(I posted this here before, but was asked to move it to an own topic, because of the different underlying conditions.)
We have a similar problem. Sorry if this is the wrong place for our problem, but maybe the problems are related. Our domain consists of four UCS systems:
All of them are showing
Die folgenden KDCs waren nicht erreichbar: tcp ucs-*.foo.bar:88
So ucs-master show
ucs-slave.foo.bar:88 and so on.
host -t srv _kerberos._tcp.$(ucr get domainname) shows all of them on all systems.

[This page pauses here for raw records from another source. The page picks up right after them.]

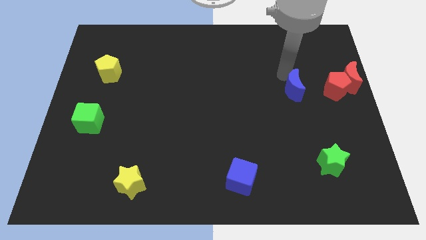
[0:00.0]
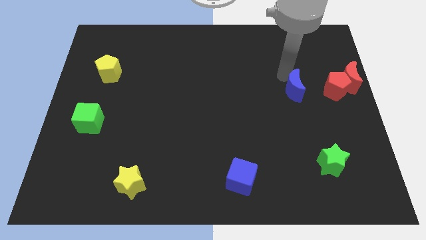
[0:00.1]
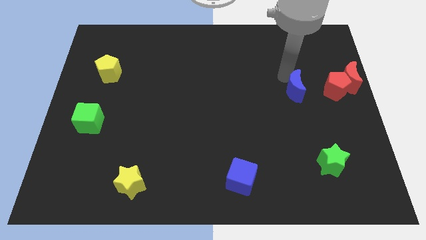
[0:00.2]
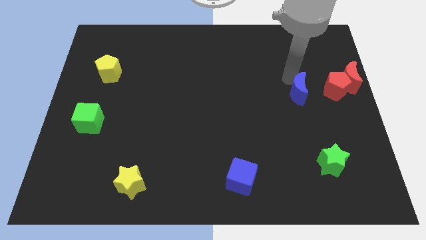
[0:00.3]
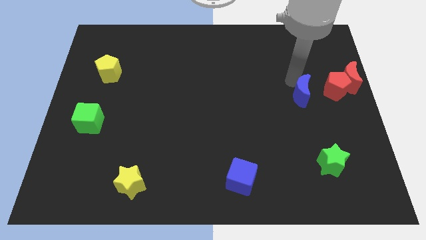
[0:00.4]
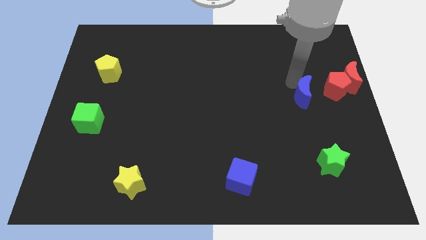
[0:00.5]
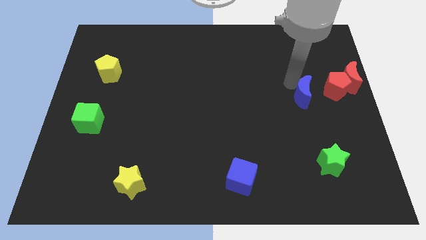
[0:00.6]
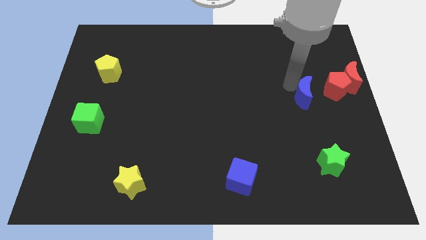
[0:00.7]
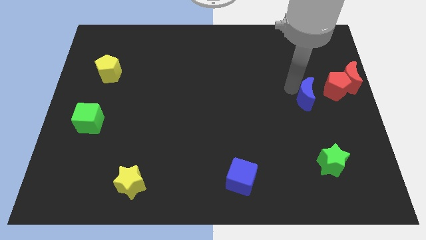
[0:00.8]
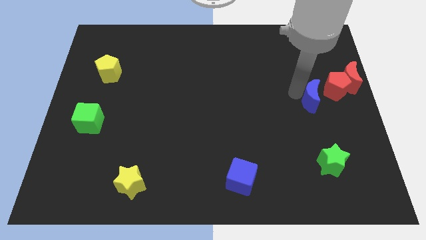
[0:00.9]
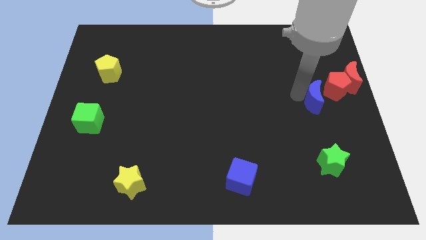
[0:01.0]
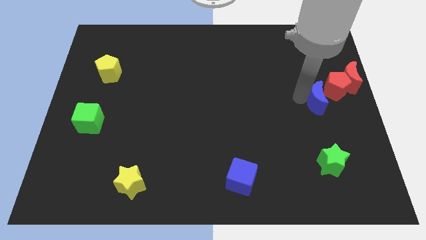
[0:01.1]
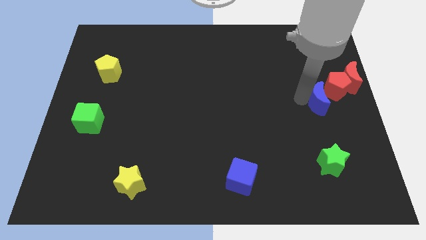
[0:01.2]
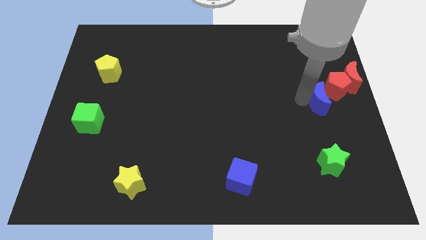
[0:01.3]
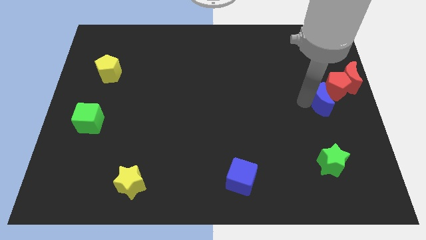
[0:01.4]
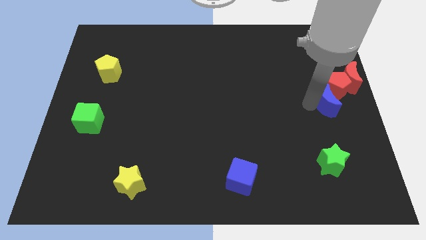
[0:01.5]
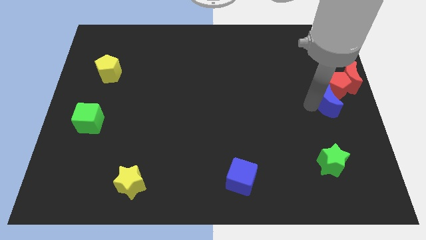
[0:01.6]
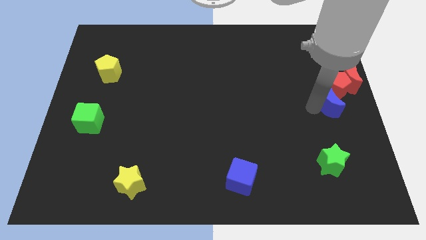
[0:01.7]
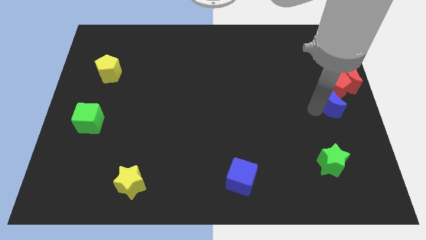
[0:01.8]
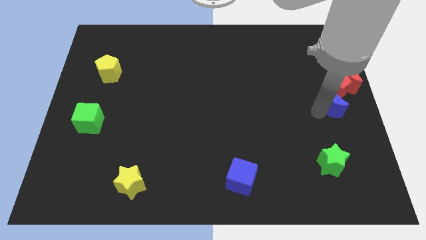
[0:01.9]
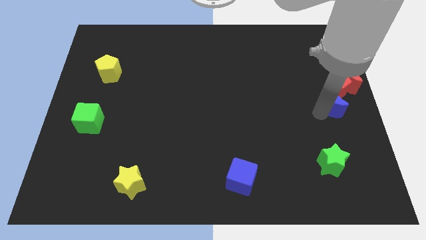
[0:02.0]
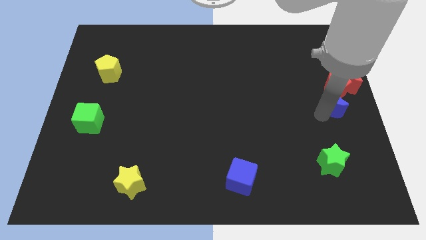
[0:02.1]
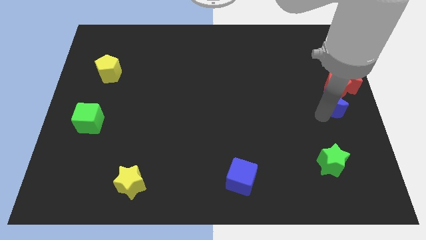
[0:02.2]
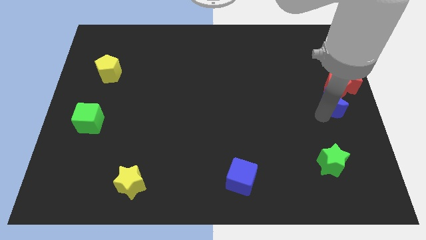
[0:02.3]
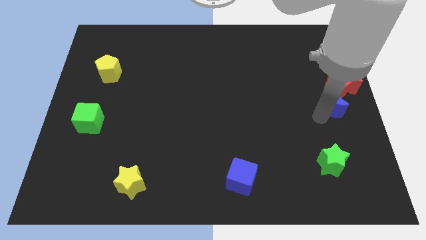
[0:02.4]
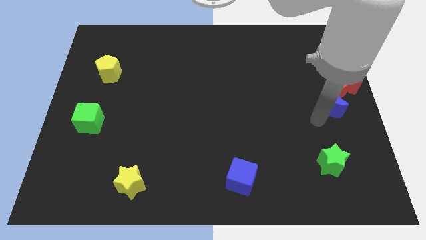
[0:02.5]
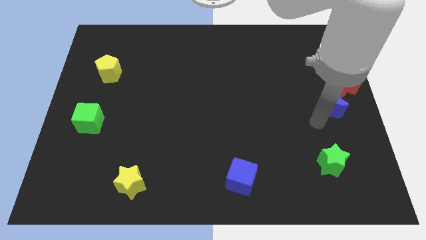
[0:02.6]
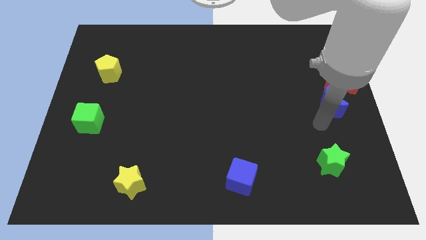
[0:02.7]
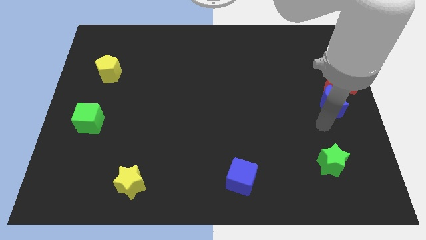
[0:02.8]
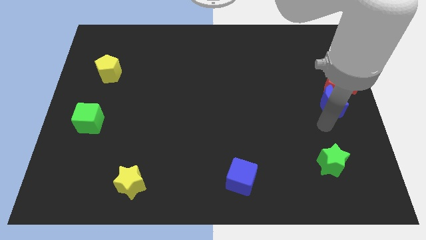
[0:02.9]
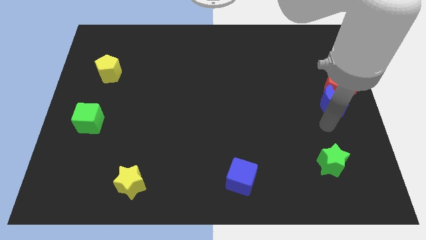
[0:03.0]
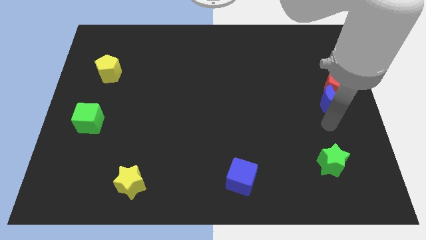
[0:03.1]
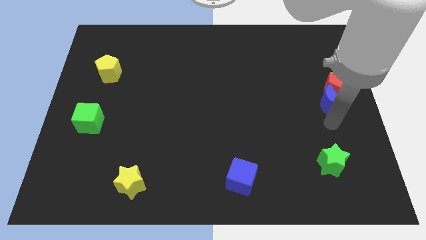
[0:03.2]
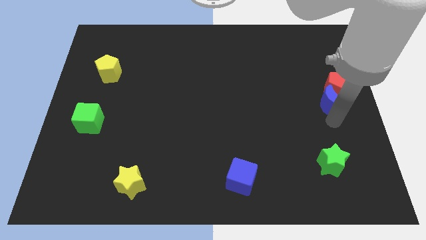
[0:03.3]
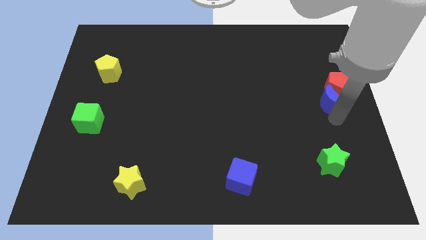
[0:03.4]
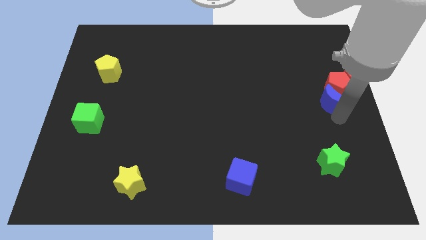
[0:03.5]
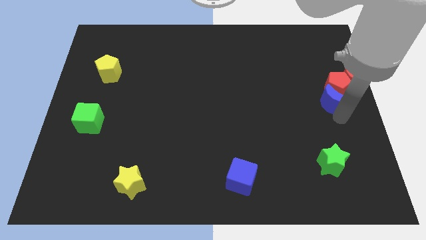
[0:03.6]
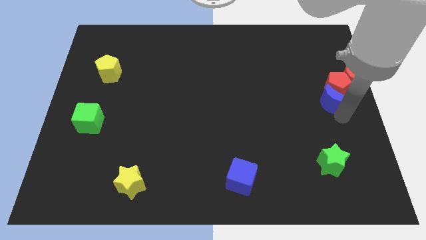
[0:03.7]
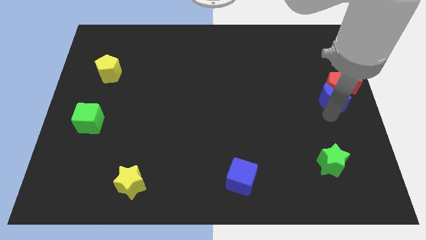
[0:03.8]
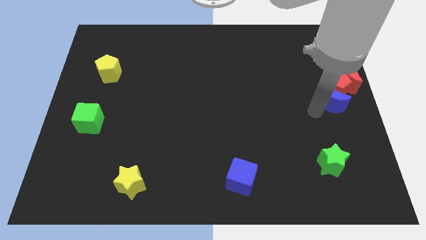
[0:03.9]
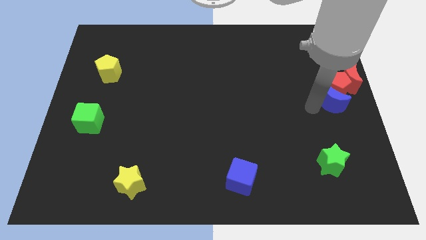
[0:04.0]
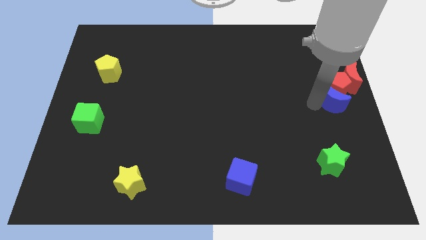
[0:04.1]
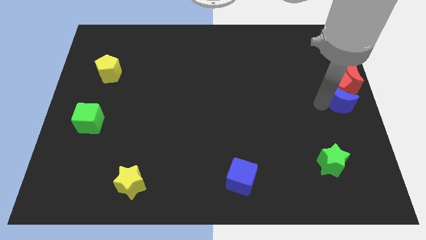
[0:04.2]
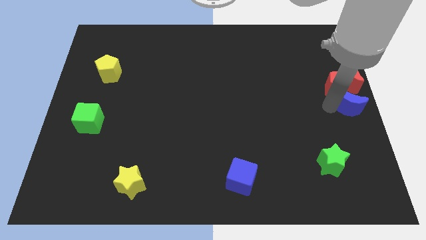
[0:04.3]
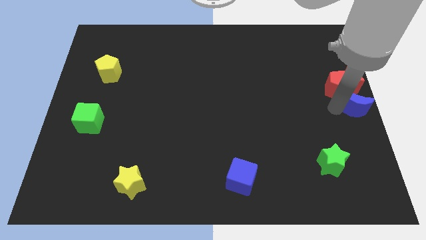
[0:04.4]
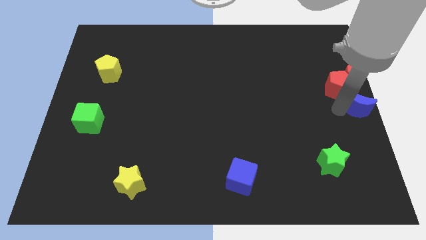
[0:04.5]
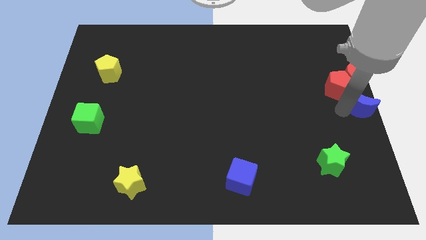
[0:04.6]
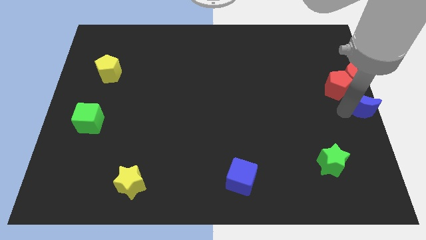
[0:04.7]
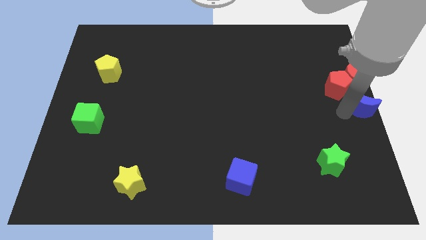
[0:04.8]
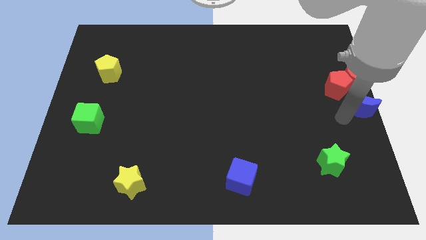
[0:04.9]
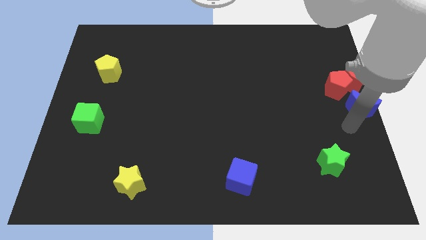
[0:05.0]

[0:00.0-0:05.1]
push the blue moon to the center right

kinit --password-file=/etc/machine.secret $(hostname)\$@$(ucr get kerberos/realm) seems to work on all systems, at least
klist shows issued tickets afterwards.
echo -ne "server $(ucr get ldap/master)\nprereq yxdomain $(hostname -f)\nsend\n" | nsupdate -d -g -t15 also looks like it works correctly.
When I run
tcpdump -i eth0 tcp port 88 and run system diagnostics again, it shows connections to all systems except the one where I’m running it, for which it reports KDC unreachable. When I run
tcpdump -i lo tcp port 88 it shows connections to localhost. Any idea?
Edit: I just solved my problem by adding
ucs-slave ucs-slave.foo.bar to the /etc/hosts using:
ucr set hosts/static/127.0.0.1="localhost ucs-slave ucs-slave.foo.bar"
/etc/hosts before the change:
127.0.0.1 localhost 192.168.1.2 ucs-slave.foo.bar ucs-slave 127.0.1.1 ucs-slave.foo.bar ucs-slave ::1 localhost ip6-localhost ip6-loopback fe00::0 ip6-localnet ff00::0 ip6-mcastprefix ff02::1 ip6-allnodes ff02::2 ip6-allrouters
I don’t fully understand why it works now, though.